Ok, fellas, look. I know you’re shocked that this guy or that guy is a creep. I know you’re having some big feelings. But please, I beg you, before you go tweeting or DMing those big feelings at someone who has just come forward with a story of harassment or abuse, please think.
To be clear, I’m not setting up strawmen here. These are all versions of messages that I got after the Berganza story broke, and that I’m seeing other people get now:
“I want to punch that guy!” This puts the person you’re writing to, who is already reliving a trauma, in the position of also having to manage your anger. It’s violence on top of violence. Please don’t.
“Why didn’t you tell me?” Because the system is set up to keep us quiet, or because we did and you didn’t listen, or a hundred other reasons, all of which are beside the point because this isn’t about you. This question, however well-intentioned, has shades of victim-blaming.
“I swear I had no idea, and if I had had some idea I would have done something!” Cool story. Notice that it’s, once again, a story all about you?

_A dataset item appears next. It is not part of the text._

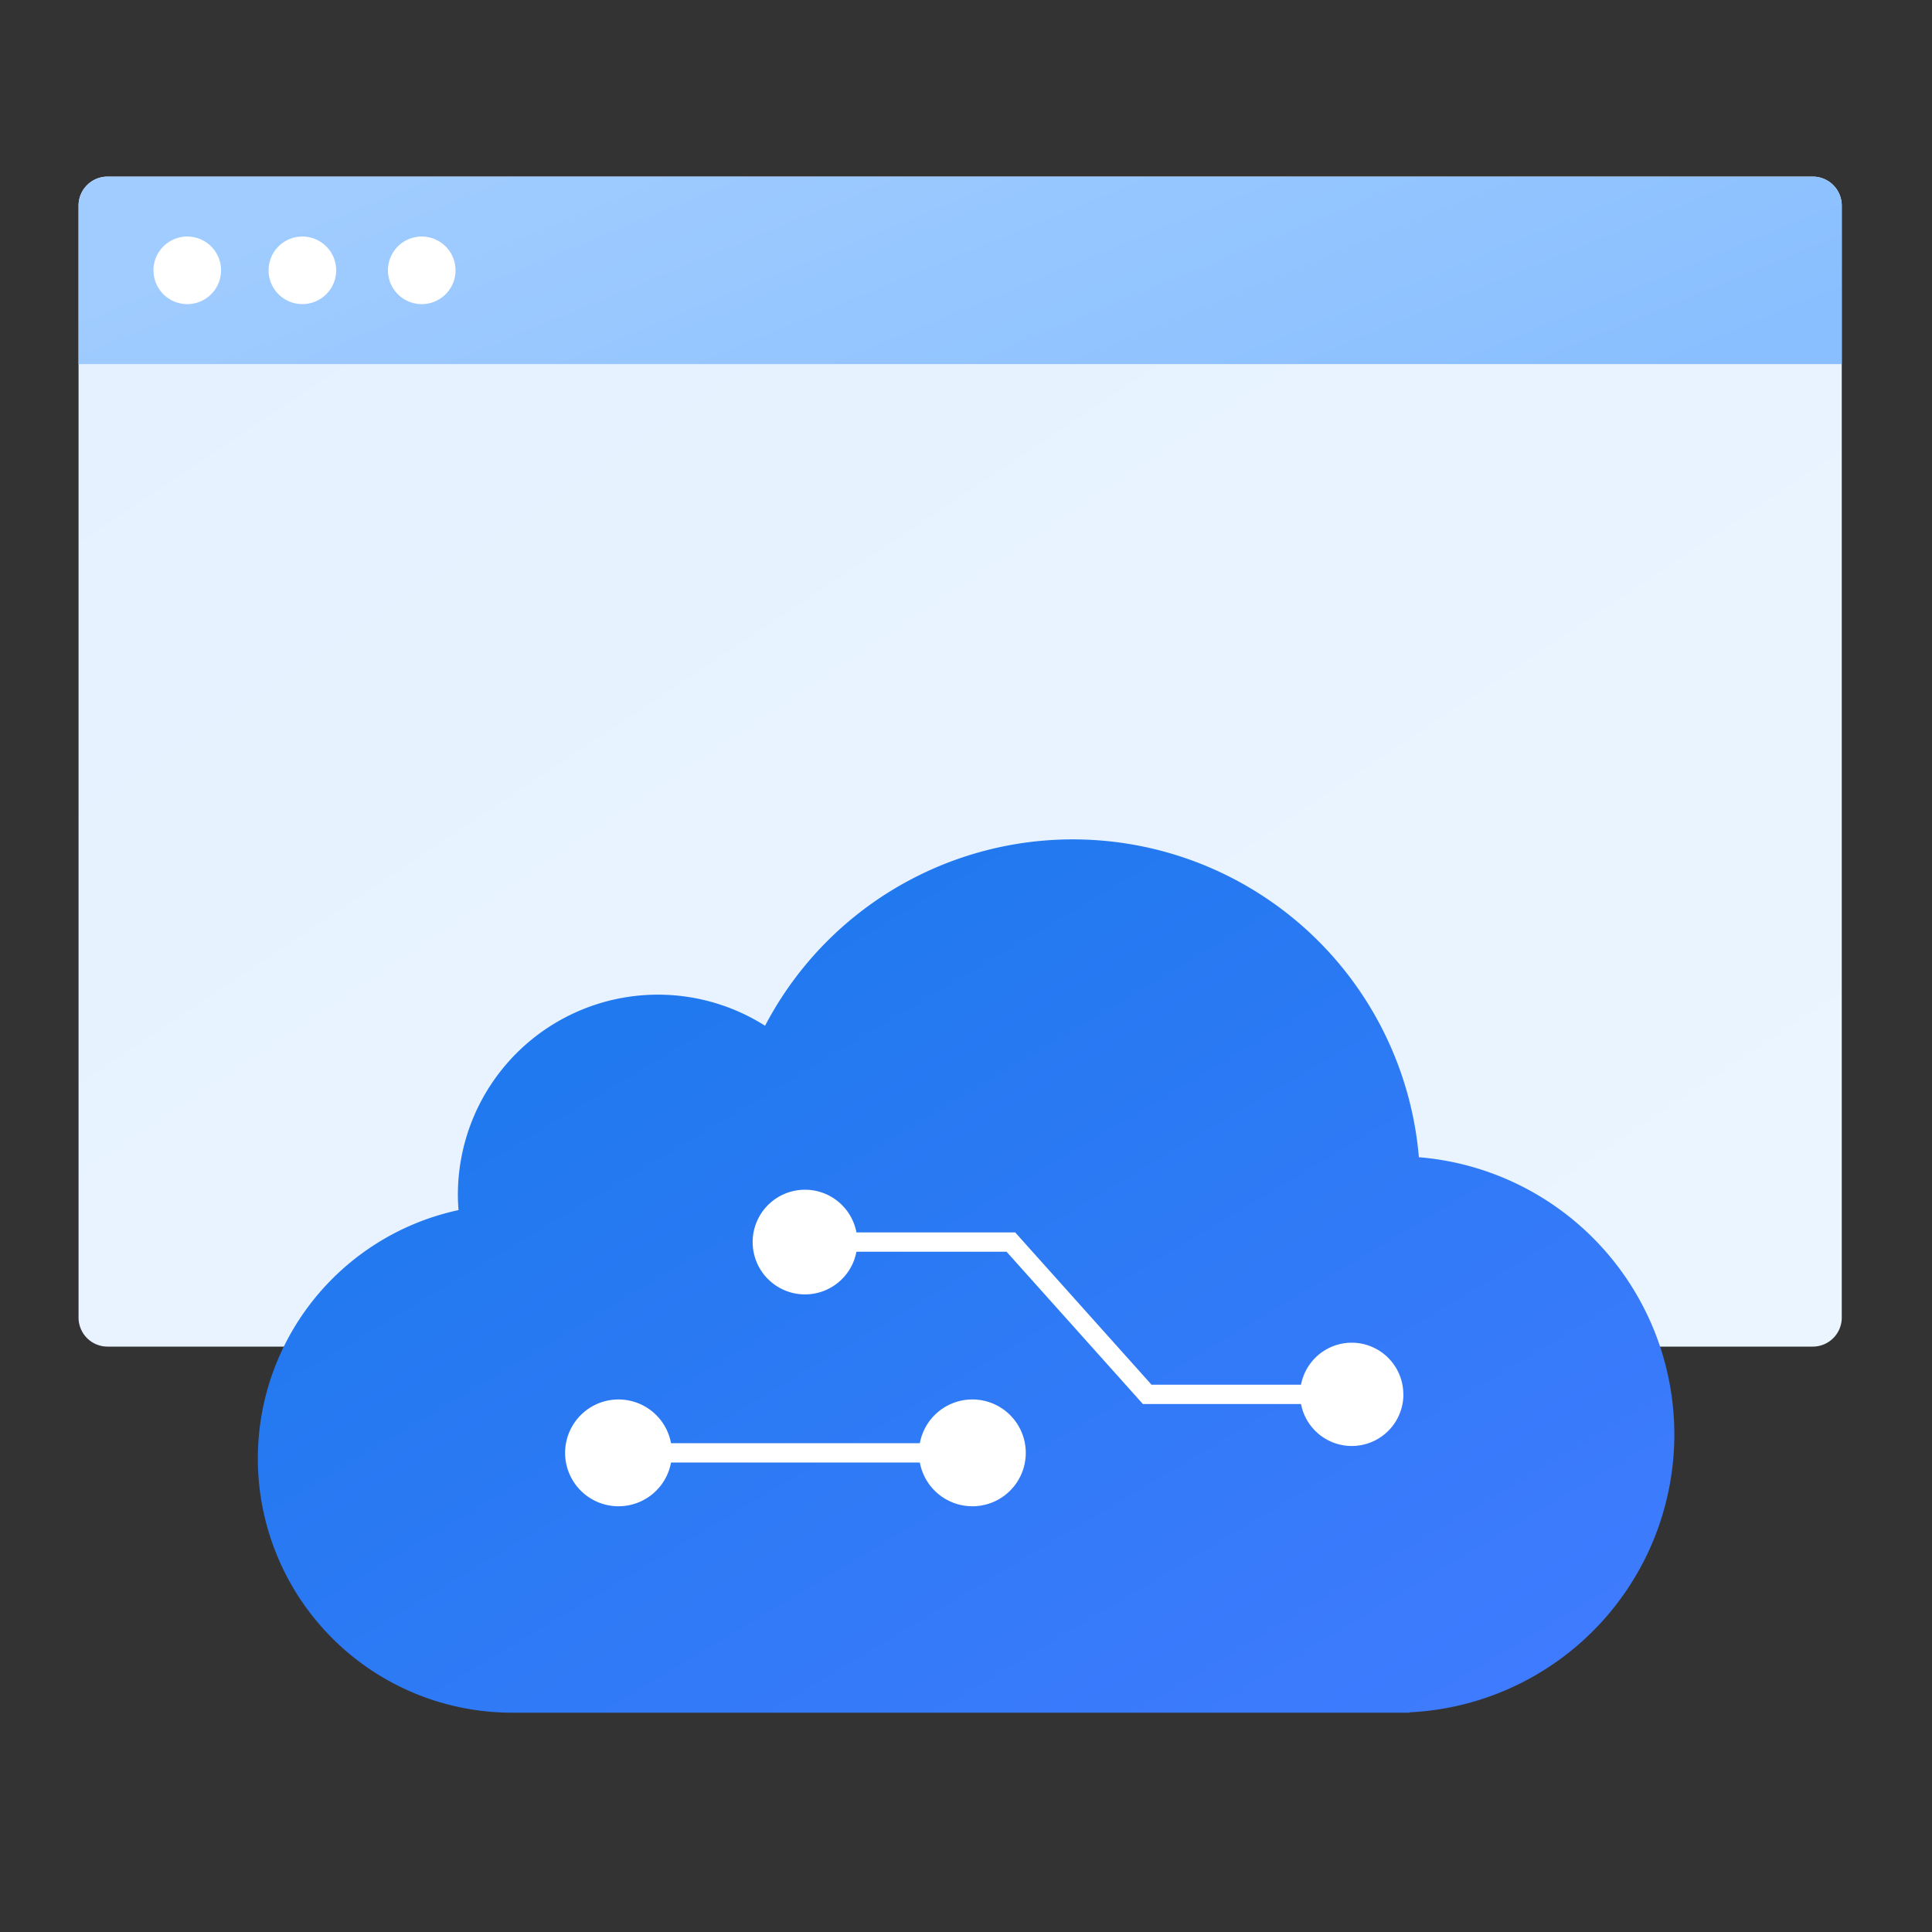 <svg xmlns="http://www.w3.org/2000/svg" xmlns:xlink="http://www.w3.org/1999/xlink" width="100" height="100" viewBox="0 0 100 100"><rect x="0" y="0" width="100" height="100" fill="#333333" stroke="none"/><defs><linearGradient id="a" x1="0.081" x2="1" y2="0.93" gradientUnits="objectBoundingBox"><stop offset="0" stop-color="#e5f1ff"/><stop offset="1" stop-color="#ebf5ff"/></linearGradient><linearGradient id="b" x1="0.048" y1="0.5" x2="1" y2="0.749" gradientUnits="objectBoundingBox"><stop offset="0" stop-color="#a0ccff"/><stop offset="1" stop-color="#89bfff"/></linearGradient><linearGradient id="c" x1="0.041" y1="-0.019" x2="1" y2="0.976" gradientUnits="objectBoundingBox"><stop offset="0" stop-color="#1778ea"/><stop offset="1" stop-color="#417bff"/></linearGradient></defs><g transform="translate(-99 -167)"><rect width="100" height="100" transform="translate(99 167)" fill="none"/><g transform="translate(10931 11818.478)"><path d="M95.329,6.162v57.56a1.5,1.5,0,0,1-1.5,1.5H5.566a1.5,1.5,0,0,1-1.5-1.5V6.162a1.5,1.5,0,0,1,1.5-1.5H93.829a1.5,1.5,0,0,1,1.5,1.5" transform="translate(-10832 -11647)" fill="url(#a)"/><path d="M95.329,6.167v8.2H4.066v-8.2a1.5,1.5,0,0,1,1.5-1.5H93.824a1.505,1.505,0,0,1,1.505,1.5" transform="translate(-10832 -11647)" fill="url(#b)"/><path d="M11.442,9.514A1.749,1.749,0,1,1,9.693,7.765a1.749,1.749,0,0,1,1.749,1.749" transform="translate(-10832 -11647)" fill="#fff"/><path d="M17.4,9.514a1.749,1.749,0,1,1-1.749-1.749A1.749,1.749,0,0,1,17.4,9.514" transform="translate(-10832 -11647)" fill="#fff"/><path d="M23.578,9.514a1.749,1.749,0,1,1-1.749-1.749,1.749,1.749,0,0,1,1.749,1.749" transform="translate(-10832 -11647)" fill="#fff"/></g><path d="M88.063,62.389A14.4,14.4,0,0,0,74.841,48.04,17.976,17.976,0,0,0,41,41.236a10.355,10.355,0,0,0-15.9,8.746c0,.268.013.533.034.795A13.154,13.154,0,0,0,27.89,76.791H74.341v-.017A14.4,14.4,0,0,0,88.063,62.389" transform="translate(97.6 178.857)" fill="url(#c)"/><g transform="translate(137.638 228.262)"><path d="M37.2,58.884a2.709,2.709,0,1,1-2.709-2.709A2.709,2.709,0,0,1,37.2,58.884" transform="translate(-31.463 -55.857)" fill="#fff"/><path d="M70.677,68.955A2.673,2.673,0,1,1,68,66.282a2.674,2.674,0,0,1,2.673,2.673" transform="translate(-36.675 -58.046)" fill="#fff"/><path d="M34.729,59.123H45.385l7.057,7.883H63.03" transform="translate(-31.701 -56.096)" fill="none" stroke="#fff" stroke-miterlimit="10" stroke-width="1"/></g><g transform="translate(128.246 239.438)"><path d="M44.13,81.792a2.764,2.764,0,1,1-2.765-2.765,2.765,2.765,0,0,1,2.765,2.765" transform="translate(-20.282 -79.029)" fill="#fff"/><path d="M24.6,81.792a2.764,2.764,0,1,1-2.765-2.765A2.765,2.765,0,0,1,24.6,81.792" transform="translate(-19.068 -79.029)" fill="#fff"/><line x1="18.32" transform="translate(2.763 2.762)" fill="none" stroke="#fff" stroke-miterlimit="10" stroke-width="1"/></g></g></svg>

“What a shame, he worked on some of my favorite books.” Sir, I don’t give a wet fart if he painted the ceiling of the Sistine Chapel. He traumatized people and drove them out of the industry. His career is not the one we should be mourning.
“I feel bad and guilty for some reason that I might not even bother to explain to you coherently! Forgive me!”

No.
Anger, confusion, guilt: they’re all reasonable and understandable. Don’t aim them in such a way that the person who came forward is forced to respond directly to them.
If what you want to do is support people coming forward, think about how to avoid inadvertently adding to their burdens in the process. But if what you really want to do is make yourself feel better? Think about why that is the most important thing to you, and then think again.